§ **Action item**: Where does "world" occur in the listing? Copy every line that holds it.

§ **Material for this exercise**:
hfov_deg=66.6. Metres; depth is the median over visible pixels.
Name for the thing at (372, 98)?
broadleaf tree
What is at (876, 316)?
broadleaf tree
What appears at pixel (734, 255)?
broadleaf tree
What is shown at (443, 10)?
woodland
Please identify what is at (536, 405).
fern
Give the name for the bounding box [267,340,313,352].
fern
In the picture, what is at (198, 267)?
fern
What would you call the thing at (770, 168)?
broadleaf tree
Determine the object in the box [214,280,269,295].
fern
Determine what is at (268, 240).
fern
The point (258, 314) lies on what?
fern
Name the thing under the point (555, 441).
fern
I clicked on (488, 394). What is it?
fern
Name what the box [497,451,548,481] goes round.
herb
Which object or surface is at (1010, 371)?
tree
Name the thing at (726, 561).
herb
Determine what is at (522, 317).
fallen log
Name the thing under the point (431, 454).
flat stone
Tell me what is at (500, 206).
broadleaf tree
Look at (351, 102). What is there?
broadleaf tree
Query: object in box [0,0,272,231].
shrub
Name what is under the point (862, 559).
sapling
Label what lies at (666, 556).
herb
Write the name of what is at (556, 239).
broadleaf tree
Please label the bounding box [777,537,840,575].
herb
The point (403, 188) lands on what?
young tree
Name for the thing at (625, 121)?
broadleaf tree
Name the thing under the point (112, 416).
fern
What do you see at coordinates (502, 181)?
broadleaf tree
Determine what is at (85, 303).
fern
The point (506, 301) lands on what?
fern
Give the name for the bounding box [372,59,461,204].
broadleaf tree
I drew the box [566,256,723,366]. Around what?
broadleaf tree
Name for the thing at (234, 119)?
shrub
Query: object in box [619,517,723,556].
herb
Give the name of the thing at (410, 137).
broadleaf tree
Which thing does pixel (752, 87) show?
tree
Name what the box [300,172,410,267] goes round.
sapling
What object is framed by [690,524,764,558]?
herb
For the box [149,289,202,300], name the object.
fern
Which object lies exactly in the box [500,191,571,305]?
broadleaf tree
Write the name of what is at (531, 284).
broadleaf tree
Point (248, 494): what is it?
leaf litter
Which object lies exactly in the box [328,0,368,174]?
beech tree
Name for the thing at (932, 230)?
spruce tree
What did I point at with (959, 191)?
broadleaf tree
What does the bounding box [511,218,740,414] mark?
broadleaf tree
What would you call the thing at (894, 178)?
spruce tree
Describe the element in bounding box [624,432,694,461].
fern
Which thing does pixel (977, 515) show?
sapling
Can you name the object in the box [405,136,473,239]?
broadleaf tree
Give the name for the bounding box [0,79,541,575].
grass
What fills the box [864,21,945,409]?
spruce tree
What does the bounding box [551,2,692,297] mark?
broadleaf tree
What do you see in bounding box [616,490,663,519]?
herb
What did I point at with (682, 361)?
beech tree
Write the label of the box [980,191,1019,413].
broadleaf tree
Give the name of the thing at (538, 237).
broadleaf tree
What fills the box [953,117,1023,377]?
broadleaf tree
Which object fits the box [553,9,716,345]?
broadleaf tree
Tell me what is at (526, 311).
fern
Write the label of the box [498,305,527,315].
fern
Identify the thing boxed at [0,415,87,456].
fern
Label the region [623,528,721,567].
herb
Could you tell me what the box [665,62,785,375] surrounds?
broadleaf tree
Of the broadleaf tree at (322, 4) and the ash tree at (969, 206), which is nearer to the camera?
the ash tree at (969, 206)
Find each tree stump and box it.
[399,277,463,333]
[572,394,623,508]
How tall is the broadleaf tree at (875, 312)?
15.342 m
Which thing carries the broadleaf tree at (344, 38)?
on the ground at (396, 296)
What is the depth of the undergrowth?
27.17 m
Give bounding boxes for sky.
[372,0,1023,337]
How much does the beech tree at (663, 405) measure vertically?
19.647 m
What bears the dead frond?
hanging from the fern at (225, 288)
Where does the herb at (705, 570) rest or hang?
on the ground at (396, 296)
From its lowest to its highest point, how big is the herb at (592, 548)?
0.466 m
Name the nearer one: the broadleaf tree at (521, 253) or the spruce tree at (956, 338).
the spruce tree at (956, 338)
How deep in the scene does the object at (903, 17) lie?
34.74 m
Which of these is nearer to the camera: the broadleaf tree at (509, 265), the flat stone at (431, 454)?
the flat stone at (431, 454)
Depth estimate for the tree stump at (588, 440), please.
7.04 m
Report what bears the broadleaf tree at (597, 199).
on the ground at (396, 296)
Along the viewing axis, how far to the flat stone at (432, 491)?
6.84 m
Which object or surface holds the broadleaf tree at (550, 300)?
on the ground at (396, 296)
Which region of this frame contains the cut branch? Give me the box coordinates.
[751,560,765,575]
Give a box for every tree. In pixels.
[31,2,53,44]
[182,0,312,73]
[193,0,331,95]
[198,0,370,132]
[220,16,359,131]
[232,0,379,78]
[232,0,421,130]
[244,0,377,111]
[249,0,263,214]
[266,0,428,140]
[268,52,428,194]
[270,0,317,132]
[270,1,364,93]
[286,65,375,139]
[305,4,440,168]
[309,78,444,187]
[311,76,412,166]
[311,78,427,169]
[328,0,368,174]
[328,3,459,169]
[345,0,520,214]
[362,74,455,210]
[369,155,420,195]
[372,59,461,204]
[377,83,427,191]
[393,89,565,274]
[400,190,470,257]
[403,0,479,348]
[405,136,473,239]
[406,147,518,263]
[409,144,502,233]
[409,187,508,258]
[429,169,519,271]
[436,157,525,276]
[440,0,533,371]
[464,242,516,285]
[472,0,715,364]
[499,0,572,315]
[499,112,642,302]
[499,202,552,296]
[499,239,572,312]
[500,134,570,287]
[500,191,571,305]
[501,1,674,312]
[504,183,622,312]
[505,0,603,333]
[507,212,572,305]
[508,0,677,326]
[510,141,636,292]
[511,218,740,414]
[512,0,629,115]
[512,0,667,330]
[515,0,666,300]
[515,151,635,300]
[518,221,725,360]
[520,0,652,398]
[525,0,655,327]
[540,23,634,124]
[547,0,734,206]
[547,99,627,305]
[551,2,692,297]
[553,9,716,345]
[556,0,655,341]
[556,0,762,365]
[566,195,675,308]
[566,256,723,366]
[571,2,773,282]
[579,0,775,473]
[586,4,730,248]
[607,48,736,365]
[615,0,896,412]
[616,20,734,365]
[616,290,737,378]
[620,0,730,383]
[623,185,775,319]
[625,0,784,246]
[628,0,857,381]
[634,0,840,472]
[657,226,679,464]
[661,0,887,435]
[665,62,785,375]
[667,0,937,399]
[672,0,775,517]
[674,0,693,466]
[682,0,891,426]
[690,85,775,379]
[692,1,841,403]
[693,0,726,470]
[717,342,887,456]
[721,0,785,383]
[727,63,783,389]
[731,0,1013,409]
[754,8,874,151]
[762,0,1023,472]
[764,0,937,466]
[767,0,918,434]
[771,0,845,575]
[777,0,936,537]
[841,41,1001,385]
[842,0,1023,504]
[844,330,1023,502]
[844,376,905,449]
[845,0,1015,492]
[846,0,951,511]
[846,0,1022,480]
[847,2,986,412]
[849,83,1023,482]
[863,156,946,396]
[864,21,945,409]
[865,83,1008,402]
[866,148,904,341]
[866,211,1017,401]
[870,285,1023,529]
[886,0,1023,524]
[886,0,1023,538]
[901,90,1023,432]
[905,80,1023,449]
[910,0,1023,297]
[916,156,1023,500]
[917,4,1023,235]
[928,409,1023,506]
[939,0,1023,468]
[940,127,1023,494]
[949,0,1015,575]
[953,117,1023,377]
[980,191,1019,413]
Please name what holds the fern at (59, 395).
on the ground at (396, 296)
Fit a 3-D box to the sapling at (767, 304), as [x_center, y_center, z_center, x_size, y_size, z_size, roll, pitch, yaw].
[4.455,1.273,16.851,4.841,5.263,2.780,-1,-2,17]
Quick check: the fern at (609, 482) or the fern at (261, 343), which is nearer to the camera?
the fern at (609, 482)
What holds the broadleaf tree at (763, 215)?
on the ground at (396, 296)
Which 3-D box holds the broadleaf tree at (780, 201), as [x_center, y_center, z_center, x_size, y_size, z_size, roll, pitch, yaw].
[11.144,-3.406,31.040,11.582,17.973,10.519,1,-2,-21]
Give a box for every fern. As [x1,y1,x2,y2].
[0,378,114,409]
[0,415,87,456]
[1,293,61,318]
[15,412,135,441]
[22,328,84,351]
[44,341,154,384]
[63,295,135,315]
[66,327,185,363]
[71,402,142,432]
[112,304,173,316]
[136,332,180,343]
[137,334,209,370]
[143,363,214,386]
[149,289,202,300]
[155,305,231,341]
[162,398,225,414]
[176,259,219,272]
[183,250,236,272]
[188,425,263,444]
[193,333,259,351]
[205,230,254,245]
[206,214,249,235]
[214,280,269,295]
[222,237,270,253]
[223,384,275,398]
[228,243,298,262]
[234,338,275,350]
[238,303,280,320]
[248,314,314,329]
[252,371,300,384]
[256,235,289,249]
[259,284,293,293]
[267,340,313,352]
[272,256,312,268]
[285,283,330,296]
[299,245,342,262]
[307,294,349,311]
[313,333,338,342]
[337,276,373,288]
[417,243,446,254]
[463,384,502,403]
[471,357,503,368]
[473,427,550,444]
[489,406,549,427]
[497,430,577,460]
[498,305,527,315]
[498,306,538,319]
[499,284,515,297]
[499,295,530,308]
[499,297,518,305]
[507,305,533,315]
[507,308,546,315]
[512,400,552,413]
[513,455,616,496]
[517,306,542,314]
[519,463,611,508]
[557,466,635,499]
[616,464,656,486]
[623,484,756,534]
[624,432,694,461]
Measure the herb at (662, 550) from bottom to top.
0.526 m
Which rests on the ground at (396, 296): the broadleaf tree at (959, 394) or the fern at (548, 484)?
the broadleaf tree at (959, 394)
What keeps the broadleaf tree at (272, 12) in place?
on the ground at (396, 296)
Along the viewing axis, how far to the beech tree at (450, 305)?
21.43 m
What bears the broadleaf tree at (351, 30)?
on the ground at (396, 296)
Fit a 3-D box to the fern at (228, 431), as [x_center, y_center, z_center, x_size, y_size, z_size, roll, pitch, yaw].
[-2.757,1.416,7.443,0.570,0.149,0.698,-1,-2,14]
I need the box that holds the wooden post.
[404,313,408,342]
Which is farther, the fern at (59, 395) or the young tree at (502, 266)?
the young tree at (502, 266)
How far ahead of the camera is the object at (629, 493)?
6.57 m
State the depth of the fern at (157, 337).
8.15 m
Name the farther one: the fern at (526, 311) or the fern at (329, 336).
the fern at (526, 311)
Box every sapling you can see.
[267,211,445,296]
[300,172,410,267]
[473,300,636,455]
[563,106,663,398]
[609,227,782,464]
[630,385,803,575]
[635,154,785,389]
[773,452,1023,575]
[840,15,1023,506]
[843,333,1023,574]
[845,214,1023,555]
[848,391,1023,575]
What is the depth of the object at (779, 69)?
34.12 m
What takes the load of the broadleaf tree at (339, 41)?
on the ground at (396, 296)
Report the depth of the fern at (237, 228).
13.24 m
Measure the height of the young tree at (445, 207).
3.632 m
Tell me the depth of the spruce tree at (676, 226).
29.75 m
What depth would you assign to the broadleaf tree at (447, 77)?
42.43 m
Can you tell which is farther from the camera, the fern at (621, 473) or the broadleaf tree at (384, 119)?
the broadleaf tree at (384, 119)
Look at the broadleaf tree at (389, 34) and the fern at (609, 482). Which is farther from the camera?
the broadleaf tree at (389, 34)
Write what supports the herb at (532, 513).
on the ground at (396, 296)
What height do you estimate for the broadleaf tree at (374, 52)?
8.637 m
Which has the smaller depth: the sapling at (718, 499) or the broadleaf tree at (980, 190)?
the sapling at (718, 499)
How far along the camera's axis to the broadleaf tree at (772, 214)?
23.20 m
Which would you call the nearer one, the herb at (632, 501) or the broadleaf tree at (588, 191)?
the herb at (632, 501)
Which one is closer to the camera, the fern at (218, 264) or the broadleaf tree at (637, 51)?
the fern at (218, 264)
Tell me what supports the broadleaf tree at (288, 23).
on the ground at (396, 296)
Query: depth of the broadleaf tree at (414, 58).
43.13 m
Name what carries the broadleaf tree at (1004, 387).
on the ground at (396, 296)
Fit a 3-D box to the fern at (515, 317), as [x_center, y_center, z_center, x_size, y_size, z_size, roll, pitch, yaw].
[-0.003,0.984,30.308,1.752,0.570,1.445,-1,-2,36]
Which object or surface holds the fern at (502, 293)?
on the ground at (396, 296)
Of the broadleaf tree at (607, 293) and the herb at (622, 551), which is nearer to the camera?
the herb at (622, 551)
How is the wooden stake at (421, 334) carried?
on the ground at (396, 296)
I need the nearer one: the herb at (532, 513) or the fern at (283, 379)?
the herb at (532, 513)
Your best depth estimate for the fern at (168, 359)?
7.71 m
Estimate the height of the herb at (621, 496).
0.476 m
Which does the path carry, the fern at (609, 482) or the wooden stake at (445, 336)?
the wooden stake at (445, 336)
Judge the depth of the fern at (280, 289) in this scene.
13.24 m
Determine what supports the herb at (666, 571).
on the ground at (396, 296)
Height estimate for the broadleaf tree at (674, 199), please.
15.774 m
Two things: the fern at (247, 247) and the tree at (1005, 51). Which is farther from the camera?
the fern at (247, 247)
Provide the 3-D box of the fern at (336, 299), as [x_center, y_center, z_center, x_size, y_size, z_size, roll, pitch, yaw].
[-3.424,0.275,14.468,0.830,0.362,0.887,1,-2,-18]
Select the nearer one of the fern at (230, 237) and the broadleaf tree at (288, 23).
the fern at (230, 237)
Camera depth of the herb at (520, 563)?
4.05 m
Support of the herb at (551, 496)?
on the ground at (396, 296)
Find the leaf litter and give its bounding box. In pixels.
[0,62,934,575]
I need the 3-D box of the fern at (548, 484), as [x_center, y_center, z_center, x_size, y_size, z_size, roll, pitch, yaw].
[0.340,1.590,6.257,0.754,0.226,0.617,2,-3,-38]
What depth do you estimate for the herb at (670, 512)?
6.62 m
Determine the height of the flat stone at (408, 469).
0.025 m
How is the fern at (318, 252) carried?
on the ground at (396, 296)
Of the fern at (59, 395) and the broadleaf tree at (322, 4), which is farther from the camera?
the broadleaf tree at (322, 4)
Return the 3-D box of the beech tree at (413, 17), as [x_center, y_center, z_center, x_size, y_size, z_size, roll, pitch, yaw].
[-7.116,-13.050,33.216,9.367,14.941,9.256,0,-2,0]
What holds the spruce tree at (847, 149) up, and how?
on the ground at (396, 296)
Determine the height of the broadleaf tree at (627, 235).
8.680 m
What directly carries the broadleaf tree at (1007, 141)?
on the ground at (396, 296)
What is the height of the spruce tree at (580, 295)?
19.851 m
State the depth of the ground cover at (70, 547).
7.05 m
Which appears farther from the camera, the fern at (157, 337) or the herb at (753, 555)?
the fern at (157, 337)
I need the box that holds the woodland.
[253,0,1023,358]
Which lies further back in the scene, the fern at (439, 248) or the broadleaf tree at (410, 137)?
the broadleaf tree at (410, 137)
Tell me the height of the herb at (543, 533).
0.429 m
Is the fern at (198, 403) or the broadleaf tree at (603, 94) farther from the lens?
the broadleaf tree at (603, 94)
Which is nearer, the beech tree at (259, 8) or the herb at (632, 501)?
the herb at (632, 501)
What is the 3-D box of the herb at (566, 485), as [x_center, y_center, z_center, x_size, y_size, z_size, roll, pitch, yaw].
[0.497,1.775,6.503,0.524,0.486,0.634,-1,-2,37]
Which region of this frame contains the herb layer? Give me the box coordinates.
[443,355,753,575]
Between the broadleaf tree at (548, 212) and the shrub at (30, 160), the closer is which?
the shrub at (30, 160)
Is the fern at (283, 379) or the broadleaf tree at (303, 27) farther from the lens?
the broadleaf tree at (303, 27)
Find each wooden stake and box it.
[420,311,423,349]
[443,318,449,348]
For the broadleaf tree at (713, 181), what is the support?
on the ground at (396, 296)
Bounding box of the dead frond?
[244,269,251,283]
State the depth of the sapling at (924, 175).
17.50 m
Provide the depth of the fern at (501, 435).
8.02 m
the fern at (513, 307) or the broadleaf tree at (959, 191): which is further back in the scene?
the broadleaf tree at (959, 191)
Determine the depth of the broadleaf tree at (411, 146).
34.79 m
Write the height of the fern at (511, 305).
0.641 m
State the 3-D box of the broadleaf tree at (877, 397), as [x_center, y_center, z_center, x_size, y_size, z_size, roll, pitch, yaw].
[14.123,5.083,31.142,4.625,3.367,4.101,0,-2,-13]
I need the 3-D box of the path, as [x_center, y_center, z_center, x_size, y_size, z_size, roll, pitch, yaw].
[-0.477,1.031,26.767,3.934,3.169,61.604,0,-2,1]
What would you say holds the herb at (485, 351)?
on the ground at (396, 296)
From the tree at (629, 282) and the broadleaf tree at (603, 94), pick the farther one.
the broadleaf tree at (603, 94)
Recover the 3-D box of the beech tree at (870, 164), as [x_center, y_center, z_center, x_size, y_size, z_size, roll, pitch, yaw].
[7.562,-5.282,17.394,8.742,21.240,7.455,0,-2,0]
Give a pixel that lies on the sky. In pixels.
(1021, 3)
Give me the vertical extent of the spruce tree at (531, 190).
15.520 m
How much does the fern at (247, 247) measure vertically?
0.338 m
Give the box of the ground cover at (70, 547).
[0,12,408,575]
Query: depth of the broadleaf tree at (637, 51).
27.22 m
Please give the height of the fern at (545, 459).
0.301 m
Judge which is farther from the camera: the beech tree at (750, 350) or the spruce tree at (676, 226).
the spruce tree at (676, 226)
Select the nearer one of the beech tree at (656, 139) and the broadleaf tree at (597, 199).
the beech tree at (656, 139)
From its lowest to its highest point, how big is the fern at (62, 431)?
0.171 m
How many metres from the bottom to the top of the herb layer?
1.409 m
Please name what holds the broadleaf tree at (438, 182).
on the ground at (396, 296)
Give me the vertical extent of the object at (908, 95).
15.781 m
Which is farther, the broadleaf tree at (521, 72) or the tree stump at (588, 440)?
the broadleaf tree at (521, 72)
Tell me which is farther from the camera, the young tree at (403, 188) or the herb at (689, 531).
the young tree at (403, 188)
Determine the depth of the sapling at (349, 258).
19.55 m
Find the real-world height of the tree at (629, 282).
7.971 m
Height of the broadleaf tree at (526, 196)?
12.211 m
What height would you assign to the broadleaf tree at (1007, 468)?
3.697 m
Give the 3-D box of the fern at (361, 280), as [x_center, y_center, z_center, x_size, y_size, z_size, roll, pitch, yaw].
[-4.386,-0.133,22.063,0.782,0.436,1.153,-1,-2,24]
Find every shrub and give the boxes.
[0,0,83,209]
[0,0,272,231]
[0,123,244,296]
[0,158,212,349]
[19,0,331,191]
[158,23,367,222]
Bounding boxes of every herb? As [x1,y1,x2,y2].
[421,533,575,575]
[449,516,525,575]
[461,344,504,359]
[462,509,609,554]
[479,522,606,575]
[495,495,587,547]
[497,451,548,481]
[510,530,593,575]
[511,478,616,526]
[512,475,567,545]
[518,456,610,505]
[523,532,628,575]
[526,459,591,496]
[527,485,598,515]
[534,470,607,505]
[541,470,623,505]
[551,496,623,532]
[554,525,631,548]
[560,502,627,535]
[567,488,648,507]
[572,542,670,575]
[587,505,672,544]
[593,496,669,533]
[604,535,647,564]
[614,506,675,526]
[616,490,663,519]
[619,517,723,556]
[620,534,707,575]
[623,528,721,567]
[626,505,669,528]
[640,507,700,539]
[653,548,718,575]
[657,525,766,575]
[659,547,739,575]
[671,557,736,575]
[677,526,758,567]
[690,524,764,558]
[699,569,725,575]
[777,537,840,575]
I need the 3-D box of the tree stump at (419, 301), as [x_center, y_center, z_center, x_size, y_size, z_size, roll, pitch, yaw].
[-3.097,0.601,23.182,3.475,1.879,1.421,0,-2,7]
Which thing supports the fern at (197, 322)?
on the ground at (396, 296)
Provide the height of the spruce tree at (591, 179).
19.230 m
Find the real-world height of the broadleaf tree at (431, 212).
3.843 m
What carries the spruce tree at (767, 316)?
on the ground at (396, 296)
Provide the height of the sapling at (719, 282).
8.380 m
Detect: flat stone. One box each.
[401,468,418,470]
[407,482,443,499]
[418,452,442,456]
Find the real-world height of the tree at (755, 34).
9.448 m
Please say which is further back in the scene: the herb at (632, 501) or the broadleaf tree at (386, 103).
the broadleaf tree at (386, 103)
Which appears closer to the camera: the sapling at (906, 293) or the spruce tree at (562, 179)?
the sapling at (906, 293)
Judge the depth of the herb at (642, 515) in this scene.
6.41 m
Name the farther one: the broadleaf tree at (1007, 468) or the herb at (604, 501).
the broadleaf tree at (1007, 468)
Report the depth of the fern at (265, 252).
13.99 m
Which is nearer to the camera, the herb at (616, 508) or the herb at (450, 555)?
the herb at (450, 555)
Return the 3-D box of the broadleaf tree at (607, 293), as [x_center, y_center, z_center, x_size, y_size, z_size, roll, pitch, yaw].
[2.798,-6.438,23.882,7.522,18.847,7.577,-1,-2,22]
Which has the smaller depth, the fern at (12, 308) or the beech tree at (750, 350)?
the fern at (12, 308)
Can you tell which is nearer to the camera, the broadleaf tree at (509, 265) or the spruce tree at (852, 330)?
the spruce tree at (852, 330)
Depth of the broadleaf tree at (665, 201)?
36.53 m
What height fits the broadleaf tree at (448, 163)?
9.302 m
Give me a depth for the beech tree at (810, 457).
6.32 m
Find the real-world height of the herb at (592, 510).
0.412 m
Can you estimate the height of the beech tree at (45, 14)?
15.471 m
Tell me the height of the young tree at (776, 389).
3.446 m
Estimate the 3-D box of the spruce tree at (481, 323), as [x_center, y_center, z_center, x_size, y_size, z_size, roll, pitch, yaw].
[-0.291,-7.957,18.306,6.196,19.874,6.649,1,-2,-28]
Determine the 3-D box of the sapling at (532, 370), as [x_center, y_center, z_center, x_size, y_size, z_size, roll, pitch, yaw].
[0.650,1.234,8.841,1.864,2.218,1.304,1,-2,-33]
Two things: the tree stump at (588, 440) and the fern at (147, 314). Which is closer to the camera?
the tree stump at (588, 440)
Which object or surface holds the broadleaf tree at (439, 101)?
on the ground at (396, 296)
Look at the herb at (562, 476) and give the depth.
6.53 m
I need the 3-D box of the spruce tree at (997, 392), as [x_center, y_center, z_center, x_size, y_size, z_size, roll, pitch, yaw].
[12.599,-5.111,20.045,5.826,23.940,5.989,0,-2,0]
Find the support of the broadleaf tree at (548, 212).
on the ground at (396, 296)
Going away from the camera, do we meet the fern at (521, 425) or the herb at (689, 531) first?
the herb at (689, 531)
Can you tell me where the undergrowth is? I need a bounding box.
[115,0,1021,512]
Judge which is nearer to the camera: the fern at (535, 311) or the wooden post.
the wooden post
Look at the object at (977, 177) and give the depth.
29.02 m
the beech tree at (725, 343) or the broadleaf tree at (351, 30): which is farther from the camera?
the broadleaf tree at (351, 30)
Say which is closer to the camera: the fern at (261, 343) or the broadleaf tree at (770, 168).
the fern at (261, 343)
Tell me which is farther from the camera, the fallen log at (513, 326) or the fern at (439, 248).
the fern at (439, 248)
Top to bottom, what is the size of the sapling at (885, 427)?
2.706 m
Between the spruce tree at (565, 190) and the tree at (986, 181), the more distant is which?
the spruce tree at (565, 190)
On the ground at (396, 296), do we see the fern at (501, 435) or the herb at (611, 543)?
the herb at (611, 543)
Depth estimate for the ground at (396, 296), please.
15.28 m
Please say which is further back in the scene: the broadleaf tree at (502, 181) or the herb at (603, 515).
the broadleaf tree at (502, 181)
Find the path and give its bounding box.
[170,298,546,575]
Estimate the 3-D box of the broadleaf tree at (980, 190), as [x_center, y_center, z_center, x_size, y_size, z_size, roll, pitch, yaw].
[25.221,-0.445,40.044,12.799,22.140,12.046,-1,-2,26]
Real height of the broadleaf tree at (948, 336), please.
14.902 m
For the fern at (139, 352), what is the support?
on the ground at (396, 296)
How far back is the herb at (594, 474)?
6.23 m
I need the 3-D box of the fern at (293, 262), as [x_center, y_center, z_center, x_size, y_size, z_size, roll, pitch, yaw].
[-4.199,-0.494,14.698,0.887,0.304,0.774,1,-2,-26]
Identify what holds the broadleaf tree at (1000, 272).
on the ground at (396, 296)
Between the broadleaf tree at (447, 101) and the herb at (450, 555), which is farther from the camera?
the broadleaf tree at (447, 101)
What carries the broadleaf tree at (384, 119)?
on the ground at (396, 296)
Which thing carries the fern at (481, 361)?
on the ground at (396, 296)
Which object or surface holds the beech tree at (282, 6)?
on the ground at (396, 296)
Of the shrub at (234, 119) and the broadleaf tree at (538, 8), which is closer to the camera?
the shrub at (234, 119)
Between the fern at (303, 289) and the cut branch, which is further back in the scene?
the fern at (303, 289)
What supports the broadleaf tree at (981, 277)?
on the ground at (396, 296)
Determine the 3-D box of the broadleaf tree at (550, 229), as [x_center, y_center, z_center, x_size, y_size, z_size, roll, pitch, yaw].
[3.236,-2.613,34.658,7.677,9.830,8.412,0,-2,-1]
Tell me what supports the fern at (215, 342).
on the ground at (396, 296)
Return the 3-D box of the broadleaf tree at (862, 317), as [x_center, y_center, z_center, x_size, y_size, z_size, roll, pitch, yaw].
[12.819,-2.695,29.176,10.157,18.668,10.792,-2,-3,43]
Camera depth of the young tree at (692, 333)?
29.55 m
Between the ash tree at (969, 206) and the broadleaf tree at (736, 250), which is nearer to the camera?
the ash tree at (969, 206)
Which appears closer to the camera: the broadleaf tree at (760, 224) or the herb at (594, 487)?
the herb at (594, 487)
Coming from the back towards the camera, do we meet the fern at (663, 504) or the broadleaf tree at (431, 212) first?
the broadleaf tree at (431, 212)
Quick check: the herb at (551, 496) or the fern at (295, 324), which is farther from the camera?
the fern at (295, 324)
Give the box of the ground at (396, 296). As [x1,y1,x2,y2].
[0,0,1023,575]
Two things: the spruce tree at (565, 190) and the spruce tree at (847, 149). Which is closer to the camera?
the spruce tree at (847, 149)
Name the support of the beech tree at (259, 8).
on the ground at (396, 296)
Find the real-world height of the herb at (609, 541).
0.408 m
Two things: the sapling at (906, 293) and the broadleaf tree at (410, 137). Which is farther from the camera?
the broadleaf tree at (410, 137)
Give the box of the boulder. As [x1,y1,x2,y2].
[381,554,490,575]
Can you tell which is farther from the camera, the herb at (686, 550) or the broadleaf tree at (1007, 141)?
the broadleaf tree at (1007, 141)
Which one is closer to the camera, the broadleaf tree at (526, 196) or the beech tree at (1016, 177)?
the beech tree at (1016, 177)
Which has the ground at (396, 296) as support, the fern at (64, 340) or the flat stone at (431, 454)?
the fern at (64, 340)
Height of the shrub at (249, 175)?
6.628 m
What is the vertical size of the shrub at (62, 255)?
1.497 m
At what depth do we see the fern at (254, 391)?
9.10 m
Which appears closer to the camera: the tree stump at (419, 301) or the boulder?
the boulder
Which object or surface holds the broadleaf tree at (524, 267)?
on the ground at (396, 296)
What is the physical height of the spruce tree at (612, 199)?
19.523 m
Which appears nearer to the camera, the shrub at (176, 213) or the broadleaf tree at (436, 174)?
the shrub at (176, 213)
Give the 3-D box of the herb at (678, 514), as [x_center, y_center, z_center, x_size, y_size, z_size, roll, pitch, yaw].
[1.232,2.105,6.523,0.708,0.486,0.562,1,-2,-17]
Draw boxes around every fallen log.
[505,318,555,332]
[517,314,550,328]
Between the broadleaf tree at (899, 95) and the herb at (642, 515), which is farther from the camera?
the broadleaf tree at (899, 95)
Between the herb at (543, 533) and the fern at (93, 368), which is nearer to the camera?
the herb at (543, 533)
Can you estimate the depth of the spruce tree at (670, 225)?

§ **Response area**:
Find the real-world height of the tree at (629, 282).
Find the real-world height of the broadleaf tree at (431, 212).
Find the real-world height of the tree at (755, 34).
Find the real-world height of the herb at (592, 510).
Find the real-world height of the herb at (609, 541).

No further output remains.